• **Description of the task**: An exact transcription of each entry below is required, without any pictures.

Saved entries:
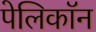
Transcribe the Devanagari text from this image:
पेलिकॉन
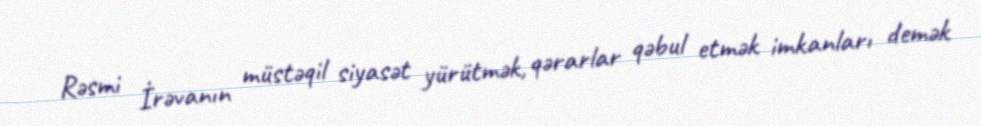
Rəsmi İrəvanın müstəqil siyasət yürütmək, qərarlar qəbul etmək imkanları demək
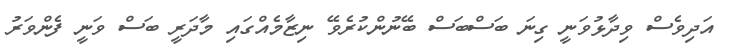
އަދިވެސް ވިދާޅުވަނީ ގިނަ ބަސްބަސް ބޭނުންކުރެވޭ ނިޒާމެއްގައި މާދަރީ ބަސް ވަނީ ފެންވަރު
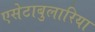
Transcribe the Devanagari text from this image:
एसेटाबुलारिया
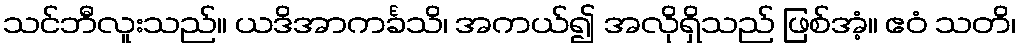
သင်ဘီလူးသည်။ ယဒိအာကင်္ခသိ၊ အကယ်၍ အလိုရှိသည် ဖြစ်အံ့။ ဧဝံ သတိ၊
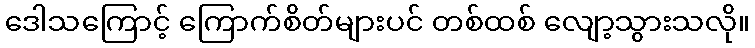
ဒေါသကြောင့် ကြောက်စိတ်များပင် တစ်ထစ် လျော့သွားသလို။
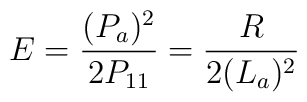
E=\frac {(P_a)^2}{2P_{11}}= \frac{R}{2(L_a)^2}
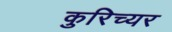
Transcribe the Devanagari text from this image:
कुरिच्यर
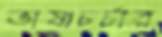
ভাষাচর্চার
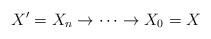
LaTeX: \begin{align*}X' = X_n \to \cdots \to X_0 = X\end{align*}
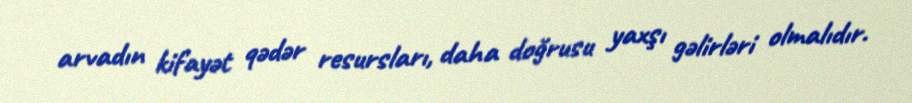
arvadın kifayət qədər resursları, daha doğrusu yaxşı gəlirləri olmalıdır.
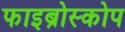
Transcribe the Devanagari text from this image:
फाइब्रोस्कोप
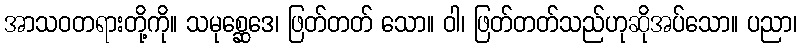
အာသဝတရားတို့ကို။ သမုစ္ဆေဒေ၊ ဖြတ်တတ် သော။ ဝါ၊ ဖြတ်တတ်သည်ဟုဆိုအပ်သော။ ပညာ၊
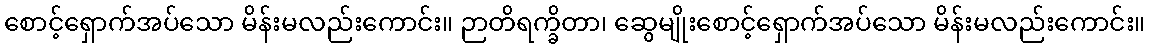
စောင့်ရှောက်အပ်သော မိန်းမလည်းကောင်း။ ဉာတိရက္ခိတာ၊ ဆွေမျိုးစောင့်ရှောက်အပ်သော မိန်းမလည်းကောင်း။
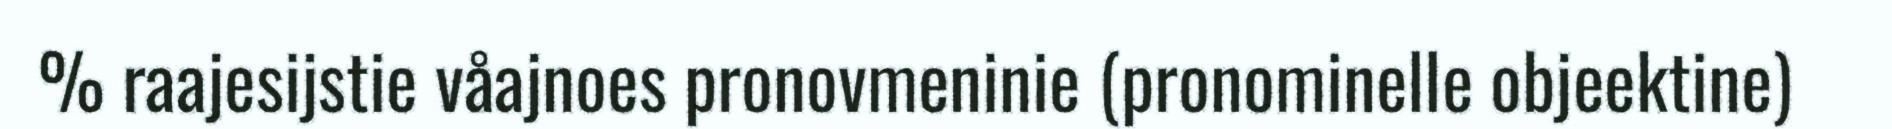
% raajesijstie våajnoes pronovmeninie (pronominelle objeektine)

• **Written reply**:
Transcribe the Devanagari text from this image:
पेलिकॉन
Rəsmi İrəvanın müstəqil siyasət yürütmək, qərarlar qəbul etmək imkanları demək
އަދިވެސް ވިދާޅުވަނީ ގިނަ ބަސްބަސް ބޭނުންކުރެވޭ ނިޒާމެއްގައި މާދަރީ ބަސް ވަނީ ފެންވަރު
Transcribe the Devanagari text from this image:
एसेटाबुलारिया
သင်ဘီလူးသည်။ ယဒိအာကင်္ခသိ၊ အကယ်၍ အလိုရှိသည် ဖြစ်အံ့။ ဧဝံ သတိ၊
ဒေါသကြောင့် ကြောက်စိတ်များပင် တစ်ထစ် လျော့သွားသလို။
E=\frac {(P_a)^2}{2P_{11}}= \frac{R}{2(L_a)^2}
Transcribe the Devanagari text from this image:
कुरिच्यर
ভাষাচর্চার
LaTeX: \begin{align*}X' = X_n \to \cdots \to X_0 = X\end{align*}
arvadın kifayət qədər resursları, daha doğrusu yaxşı gəlirləri olmalıdır.
Transcribe the Devanagari text from this image:
फाइब्रोस्कोप
အာသဝတရားတို့ကို။ သမုစ္ဆေဒေ၊ ဖြတ်တတ် သော။ ဝါ၊ ဖြတ်တတ်သည်ဟုဆိုအပ်သော။ ပညာ၊
စောင့်ရှောက်အပ်သော မိန်းမလည်းကောင်း။ ဉာတိရက္ခိတာ၊ ဆွေမျိုးစောင့်ရှောက်အပ်သော မိန်းမလည်းကောင်း။
% raajesijstie våajnoes pronovmeninie (pronominelle objeektine)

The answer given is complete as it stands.